The foregoing is merely exemplary of the present application and is not intended to limit the present application. Various modifications and changes may be made to the present application by those skilled in the art. Any modifications, equivalent substitutions, improvements, etc. which are within the spirit and principles of the present application are intended to be included within the scope of the claims of the present application.

Claims

1. An information protection method based on queue data desensitization and differential privacy protection is characterized by comprising the following steps:

further comprises:

2. The method of claim 1, wherein the serving the server aggregate perturbed client models received from respective clients to obtain new global model parameters comprises:

and the server uses FedAVG algorithm to aggregate the perturbed client model received from each client to obtain new global model parameters.

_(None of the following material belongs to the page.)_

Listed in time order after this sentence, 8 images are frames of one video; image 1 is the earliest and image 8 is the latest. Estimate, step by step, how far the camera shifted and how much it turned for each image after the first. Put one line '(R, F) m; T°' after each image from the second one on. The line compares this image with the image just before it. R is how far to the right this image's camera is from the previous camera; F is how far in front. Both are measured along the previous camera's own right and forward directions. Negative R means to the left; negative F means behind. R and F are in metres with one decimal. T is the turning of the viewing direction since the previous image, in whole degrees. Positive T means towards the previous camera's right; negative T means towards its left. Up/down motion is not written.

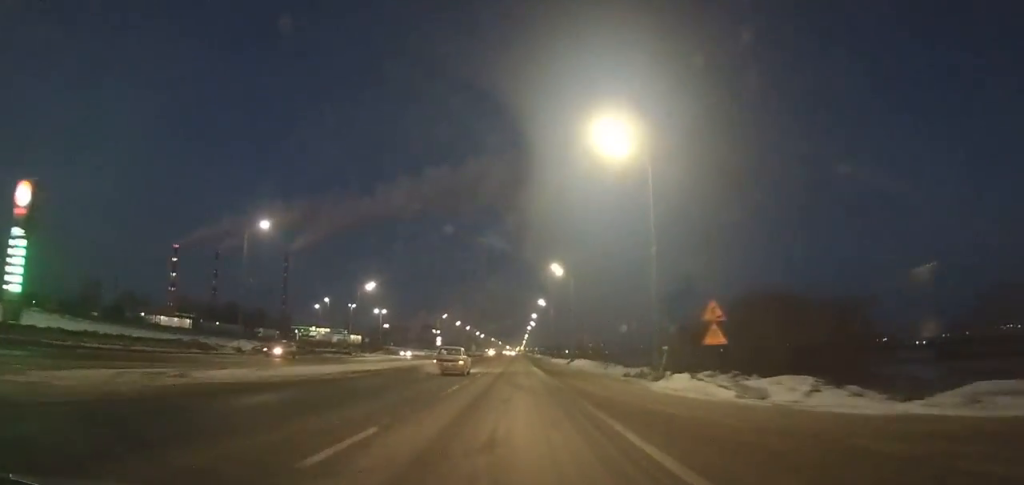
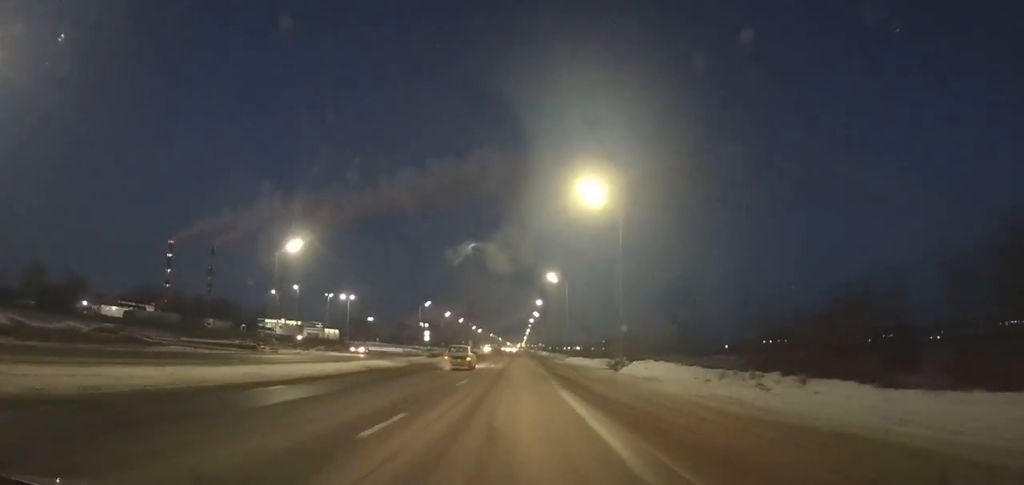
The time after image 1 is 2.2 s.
(-0.2, +33.2) m; 0°
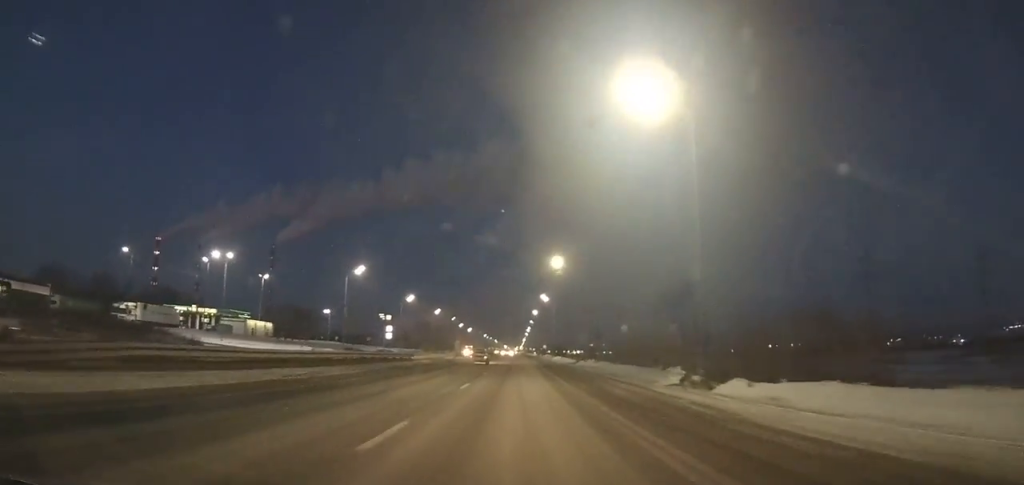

3. The method of claim 1, wherein the random factor conforms to a gaussian distribution.

4. The method according to claim 1, wherein before the client performs local model training by using a gradient descent strategy according to the local database and the global model parameters sent by the received server, the method further comprises:

and dividing the swarm learning task, dividing the group task into a plurality of subtasks, and enabling each client to participate in training a machine learning model.

5. The method of claim 1, wherein generating a random factor at the client, and using the random factor to model perturb the client model, and before obtaining the perturbed client model, further comprises:

and (5) carrying out noise adding processing on the model by utilizing a differential privacy technology.

6. An information protection system based on queue data desensitization and differential privacy protection, comprising:

further comprises: a storage end;

7. The system of claim 6, wherein the server aggregates the perturbed client model received from each client to obtain new global model parameters by:

8. The system of claim 6, wherein the random factor conforms to a gaussian distribution.

9. The system of claim 6, further comprising: the division module is used for carrying out local model training by utilizing a gradient descent strategy according to the local database and the global model parameters sent by the received server side at the client side, dividing the task of swarm learning before obtaining the client side model, dividing the group task into a plurality of subtasks, and each client side jointly participates in training the machine learning model.

10. The method as recited in claim 6, further comprising: and the noise adding processing module is used for generating a random factor at the client, carrying out model disturbance on the client model by utilizing the random factor, and carrying out noise adding processing on the model by utilizing a differential privacy technology before the disturbed client model is obtained.